= Problem description =
Should a line below contain the word "height", report it.

= Records supplied =
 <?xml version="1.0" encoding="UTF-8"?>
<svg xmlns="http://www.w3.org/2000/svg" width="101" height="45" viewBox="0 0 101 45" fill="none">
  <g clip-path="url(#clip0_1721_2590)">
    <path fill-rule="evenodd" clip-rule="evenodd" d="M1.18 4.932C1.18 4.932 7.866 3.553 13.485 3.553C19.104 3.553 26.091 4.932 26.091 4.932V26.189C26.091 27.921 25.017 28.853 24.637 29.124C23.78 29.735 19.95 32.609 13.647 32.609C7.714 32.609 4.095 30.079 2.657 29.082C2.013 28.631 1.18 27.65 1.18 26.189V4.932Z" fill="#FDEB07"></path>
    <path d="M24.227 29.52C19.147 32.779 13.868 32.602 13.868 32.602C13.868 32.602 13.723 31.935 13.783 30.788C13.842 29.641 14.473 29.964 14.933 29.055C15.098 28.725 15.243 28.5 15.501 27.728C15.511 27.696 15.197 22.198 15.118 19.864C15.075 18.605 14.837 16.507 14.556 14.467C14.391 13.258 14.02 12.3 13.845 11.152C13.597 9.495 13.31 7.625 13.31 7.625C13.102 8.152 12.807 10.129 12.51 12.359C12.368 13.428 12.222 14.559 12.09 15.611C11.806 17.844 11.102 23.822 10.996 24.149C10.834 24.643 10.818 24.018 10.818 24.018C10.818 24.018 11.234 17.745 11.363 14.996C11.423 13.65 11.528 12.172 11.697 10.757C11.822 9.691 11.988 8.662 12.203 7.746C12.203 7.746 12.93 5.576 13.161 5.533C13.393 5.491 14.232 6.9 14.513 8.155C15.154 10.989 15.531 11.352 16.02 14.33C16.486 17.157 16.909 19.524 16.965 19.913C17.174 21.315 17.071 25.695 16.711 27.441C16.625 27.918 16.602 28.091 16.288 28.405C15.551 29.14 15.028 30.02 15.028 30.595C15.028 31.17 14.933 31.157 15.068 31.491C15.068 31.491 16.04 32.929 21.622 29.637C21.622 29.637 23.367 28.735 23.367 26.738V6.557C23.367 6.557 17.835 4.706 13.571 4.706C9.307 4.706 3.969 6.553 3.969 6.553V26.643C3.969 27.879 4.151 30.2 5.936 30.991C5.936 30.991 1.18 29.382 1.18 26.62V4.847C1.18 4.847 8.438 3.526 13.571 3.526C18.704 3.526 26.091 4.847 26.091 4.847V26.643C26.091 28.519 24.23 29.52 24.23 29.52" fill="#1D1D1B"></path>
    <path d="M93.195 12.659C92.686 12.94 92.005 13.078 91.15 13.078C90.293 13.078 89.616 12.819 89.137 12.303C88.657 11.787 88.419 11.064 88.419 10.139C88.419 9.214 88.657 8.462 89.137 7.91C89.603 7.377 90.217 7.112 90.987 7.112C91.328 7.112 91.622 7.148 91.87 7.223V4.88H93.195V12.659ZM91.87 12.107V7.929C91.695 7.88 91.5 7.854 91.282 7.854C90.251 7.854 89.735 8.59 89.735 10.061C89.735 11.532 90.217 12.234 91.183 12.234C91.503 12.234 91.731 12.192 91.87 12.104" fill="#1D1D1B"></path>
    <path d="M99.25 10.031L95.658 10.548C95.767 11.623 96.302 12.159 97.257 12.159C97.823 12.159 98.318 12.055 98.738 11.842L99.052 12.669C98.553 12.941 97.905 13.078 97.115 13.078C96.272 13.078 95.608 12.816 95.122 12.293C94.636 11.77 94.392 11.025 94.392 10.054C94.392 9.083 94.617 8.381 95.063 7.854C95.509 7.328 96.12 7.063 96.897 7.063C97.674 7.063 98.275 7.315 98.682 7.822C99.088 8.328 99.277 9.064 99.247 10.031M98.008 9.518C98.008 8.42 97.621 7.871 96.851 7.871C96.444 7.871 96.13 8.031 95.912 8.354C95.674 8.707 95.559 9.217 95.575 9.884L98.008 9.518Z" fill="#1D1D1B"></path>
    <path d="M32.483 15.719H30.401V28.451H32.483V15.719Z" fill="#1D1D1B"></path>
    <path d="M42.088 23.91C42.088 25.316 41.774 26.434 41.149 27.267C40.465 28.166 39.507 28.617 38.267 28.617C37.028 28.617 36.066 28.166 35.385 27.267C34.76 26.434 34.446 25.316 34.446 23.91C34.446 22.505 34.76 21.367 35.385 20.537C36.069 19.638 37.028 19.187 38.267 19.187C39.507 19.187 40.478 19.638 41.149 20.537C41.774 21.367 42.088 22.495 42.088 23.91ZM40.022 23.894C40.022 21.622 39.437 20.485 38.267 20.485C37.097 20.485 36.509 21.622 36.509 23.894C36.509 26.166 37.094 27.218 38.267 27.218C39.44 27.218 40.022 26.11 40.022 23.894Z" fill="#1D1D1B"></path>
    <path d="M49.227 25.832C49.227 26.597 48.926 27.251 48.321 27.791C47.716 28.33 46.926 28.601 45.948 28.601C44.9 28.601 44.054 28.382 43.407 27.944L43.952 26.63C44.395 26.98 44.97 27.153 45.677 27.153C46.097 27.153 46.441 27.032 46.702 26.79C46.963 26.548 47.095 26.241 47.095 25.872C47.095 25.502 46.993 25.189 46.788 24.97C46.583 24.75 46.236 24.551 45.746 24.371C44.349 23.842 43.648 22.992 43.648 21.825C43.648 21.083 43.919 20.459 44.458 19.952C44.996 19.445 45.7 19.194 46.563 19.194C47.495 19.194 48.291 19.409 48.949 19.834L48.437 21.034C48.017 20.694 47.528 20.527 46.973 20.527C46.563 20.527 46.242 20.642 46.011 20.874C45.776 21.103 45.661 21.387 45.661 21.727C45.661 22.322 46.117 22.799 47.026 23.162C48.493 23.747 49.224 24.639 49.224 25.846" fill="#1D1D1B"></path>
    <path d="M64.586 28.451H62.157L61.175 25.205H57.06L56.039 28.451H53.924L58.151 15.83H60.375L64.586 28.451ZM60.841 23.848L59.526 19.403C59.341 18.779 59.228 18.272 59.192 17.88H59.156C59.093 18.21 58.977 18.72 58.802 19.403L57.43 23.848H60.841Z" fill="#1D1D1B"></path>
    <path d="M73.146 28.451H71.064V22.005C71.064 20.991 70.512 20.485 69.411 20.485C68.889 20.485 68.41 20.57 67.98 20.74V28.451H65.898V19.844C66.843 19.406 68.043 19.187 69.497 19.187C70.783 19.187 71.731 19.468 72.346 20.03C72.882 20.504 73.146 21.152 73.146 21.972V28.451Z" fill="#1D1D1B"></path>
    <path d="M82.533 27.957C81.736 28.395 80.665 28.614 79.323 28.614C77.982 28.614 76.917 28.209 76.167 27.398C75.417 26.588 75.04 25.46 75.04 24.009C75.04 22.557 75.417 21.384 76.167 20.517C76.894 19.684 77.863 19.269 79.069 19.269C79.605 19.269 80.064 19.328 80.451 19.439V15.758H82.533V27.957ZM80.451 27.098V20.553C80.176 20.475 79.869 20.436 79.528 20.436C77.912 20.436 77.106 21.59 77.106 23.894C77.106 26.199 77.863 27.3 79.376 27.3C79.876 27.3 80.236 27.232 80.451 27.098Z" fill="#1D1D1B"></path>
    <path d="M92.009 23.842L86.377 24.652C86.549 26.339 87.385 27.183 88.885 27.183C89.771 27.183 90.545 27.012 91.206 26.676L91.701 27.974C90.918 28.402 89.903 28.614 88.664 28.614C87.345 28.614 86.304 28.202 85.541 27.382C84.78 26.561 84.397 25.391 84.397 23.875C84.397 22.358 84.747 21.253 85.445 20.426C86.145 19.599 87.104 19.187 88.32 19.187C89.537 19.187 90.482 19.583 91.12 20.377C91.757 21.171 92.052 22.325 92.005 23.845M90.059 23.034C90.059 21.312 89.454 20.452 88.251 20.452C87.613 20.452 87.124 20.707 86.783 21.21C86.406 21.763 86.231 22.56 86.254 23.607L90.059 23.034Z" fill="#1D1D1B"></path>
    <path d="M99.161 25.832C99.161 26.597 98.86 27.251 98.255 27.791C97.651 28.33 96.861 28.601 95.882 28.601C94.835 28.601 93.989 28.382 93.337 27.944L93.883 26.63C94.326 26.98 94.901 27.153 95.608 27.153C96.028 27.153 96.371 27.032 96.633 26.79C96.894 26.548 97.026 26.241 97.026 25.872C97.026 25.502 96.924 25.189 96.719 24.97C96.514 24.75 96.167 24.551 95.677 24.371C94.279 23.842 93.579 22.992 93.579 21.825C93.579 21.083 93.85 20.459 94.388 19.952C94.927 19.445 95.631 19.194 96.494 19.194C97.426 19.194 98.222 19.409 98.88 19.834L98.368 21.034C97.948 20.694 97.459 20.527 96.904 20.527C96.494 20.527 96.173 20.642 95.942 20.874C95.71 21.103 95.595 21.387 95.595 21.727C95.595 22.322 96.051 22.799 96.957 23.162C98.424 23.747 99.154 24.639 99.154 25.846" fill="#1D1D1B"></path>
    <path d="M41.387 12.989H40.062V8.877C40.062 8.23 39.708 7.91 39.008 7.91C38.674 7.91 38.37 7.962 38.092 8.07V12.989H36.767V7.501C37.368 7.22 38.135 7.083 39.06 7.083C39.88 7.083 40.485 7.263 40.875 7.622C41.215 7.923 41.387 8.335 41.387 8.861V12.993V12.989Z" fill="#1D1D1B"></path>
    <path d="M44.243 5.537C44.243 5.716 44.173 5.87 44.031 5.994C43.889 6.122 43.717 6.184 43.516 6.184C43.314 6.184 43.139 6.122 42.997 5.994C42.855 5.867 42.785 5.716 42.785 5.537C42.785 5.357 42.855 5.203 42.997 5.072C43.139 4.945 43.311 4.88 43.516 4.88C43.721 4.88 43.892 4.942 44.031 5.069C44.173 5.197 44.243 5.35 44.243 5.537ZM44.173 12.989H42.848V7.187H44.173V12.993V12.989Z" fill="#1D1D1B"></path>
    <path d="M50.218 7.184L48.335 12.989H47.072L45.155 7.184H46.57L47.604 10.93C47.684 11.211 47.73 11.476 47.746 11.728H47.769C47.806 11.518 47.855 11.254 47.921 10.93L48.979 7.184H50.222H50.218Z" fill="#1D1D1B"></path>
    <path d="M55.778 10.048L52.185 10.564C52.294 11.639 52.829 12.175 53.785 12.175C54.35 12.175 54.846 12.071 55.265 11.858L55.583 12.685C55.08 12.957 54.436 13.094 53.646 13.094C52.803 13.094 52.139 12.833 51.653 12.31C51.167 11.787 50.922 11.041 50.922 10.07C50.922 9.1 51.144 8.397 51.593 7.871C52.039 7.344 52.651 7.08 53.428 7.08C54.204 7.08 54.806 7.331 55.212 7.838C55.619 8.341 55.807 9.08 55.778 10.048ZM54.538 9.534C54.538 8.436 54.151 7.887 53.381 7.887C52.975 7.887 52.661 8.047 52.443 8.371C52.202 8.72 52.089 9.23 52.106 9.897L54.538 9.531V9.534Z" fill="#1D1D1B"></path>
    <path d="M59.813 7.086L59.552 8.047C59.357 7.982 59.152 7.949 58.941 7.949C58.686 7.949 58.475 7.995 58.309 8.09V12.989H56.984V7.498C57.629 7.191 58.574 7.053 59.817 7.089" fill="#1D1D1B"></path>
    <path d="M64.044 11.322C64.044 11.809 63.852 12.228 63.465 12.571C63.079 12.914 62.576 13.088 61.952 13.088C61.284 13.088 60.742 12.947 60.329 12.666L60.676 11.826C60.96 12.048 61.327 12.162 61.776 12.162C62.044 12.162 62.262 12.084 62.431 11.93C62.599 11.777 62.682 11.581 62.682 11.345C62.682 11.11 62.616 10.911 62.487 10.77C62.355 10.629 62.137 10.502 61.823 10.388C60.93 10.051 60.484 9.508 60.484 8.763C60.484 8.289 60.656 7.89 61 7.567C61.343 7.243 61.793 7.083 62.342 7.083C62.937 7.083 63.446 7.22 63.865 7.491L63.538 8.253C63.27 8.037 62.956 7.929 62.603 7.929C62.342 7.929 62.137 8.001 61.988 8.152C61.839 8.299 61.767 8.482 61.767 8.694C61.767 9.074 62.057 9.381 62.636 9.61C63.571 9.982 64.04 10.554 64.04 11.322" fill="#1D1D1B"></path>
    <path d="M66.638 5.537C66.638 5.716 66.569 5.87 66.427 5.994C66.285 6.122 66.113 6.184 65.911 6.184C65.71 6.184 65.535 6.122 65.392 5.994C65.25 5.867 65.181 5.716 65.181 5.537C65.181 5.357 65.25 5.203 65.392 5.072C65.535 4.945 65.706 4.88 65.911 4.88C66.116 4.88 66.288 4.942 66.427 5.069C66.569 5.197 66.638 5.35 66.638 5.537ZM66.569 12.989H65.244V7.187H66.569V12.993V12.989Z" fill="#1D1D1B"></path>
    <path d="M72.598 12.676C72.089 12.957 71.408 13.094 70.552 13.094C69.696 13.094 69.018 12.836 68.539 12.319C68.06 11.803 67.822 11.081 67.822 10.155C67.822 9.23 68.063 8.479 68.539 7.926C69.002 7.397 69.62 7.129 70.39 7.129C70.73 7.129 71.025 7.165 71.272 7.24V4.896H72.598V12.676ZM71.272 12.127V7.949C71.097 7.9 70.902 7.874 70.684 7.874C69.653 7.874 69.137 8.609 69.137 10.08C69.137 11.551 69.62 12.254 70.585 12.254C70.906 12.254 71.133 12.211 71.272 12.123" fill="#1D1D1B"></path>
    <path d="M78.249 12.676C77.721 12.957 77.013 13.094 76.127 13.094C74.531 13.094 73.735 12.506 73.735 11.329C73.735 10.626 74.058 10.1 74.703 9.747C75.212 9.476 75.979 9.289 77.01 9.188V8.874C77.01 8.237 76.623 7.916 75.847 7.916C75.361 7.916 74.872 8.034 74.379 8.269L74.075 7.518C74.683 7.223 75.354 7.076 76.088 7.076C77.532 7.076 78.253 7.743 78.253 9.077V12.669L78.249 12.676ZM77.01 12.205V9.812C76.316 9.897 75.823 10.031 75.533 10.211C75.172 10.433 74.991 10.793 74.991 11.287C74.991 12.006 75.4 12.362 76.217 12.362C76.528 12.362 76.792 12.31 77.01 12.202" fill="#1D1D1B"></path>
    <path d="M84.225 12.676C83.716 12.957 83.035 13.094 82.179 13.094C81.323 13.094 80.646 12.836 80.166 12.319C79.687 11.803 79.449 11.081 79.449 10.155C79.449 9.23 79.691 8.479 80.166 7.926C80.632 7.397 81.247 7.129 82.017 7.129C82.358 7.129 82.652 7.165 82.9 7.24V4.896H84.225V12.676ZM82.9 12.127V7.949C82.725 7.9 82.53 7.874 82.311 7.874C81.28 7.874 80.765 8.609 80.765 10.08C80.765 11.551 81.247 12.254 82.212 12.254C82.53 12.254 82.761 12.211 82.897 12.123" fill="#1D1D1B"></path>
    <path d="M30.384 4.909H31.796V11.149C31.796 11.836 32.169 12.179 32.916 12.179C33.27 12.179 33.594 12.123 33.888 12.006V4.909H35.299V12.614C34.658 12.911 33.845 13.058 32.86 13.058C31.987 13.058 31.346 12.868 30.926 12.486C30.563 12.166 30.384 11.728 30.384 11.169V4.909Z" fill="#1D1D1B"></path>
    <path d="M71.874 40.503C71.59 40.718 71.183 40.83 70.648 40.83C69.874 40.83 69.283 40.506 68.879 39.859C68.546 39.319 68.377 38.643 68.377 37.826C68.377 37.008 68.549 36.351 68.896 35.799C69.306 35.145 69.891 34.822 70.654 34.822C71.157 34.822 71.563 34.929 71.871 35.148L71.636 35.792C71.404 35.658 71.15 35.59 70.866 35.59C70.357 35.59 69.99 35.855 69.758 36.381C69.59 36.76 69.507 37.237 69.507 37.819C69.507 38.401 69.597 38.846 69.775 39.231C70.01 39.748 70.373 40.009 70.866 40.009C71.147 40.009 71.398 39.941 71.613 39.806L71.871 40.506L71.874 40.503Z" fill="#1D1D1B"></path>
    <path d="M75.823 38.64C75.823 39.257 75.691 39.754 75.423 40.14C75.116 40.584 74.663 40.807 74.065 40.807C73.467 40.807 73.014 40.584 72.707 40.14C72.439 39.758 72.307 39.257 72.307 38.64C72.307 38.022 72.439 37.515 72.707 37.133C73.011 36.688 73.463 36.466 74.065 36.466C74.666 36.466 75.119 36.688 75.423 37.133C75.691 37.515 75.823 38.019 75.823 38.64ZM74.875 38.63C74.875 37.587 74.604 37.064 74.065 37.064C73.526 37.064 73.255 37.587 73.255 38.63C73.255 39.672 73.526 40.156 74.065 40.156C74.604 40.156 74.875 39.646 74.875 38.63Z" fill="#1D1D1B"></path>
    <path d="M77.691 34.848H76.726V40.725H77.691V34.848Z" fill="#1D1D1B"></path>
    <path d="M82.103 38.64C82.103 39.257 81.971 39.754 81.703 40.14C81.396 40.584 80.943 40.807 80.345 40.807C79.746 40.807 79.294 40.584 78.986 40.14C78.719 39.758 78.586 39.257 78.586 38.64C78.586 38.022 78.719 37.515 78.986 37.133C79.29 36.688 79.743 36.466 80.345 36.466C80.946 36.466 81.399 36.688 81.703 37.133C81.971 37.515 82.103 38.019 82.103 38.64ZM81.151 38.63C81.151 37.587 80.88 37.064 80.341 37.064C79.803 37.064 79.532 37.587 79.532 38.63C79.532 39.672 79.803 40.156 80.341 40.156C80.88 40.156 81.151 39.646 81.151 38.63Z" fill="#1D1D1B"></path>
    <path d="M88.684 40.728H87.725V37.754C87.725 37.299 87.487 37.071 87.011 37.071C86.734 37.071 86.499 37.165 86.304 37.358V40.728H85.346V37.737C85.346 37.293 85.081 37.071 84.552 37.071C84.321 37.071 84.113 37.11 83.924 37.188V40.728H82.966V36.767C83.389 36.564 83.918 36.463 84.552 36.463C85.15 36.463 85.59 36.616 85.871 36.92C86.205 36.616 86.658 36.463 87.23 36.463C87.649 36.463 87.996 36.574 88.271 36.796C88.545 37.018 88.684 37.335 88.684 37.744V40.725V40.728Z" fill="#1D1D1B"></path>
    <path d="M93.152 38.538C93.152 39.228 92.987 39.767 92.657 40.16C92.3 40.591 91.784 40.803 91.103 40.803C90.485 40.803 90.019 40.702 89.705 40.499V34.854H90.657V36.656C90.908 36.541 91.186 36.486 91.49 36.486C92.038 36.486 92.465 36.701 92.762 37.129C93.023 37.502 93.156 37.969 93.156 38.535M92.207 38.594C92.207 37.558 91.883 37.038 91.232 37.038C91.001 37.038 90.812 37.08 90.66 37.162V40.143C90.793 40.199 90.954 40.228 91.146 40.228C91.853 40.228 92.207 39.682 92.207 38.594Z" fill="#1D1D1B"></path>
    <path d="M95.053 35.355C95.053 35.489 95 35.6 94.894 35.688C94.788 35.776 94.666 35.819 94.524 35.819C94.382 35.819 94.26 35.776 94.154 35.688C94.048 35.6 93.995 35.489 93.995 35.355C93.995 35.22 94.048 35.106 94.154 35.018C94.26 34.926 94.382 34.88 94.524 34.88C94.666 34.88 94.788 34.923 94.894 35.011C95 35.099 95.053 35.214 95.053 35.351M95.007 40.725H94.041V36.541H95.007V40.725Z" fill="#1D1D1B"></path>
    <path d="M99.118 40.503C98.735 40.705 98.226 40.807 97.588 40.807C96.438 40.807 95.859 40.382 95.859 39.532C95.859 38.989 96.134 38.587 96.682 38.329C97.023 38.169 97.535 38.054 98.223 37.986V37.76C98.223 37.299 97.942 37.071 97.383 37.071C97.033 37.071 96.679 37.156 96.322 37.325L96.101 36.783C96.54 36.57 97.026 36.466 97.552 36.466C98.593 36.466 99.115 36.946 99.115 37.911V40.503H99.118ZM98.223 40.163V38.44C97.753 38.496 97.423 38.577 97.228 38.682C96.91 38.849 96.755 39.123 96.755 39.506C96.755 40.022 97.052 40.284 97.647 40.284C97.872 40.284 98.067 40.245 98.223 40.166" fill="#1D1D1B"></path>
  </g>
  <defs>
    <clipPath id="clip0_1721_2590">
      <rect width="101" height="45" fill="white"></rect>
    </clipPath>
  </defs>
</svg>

= The completed task =
<svg xmlns="http://www.w3.org/2000/svg" width="101" height="45" viewBox="0 0 101 45" fill="none">
      <rect width="101" height="45" fill="white"></rect>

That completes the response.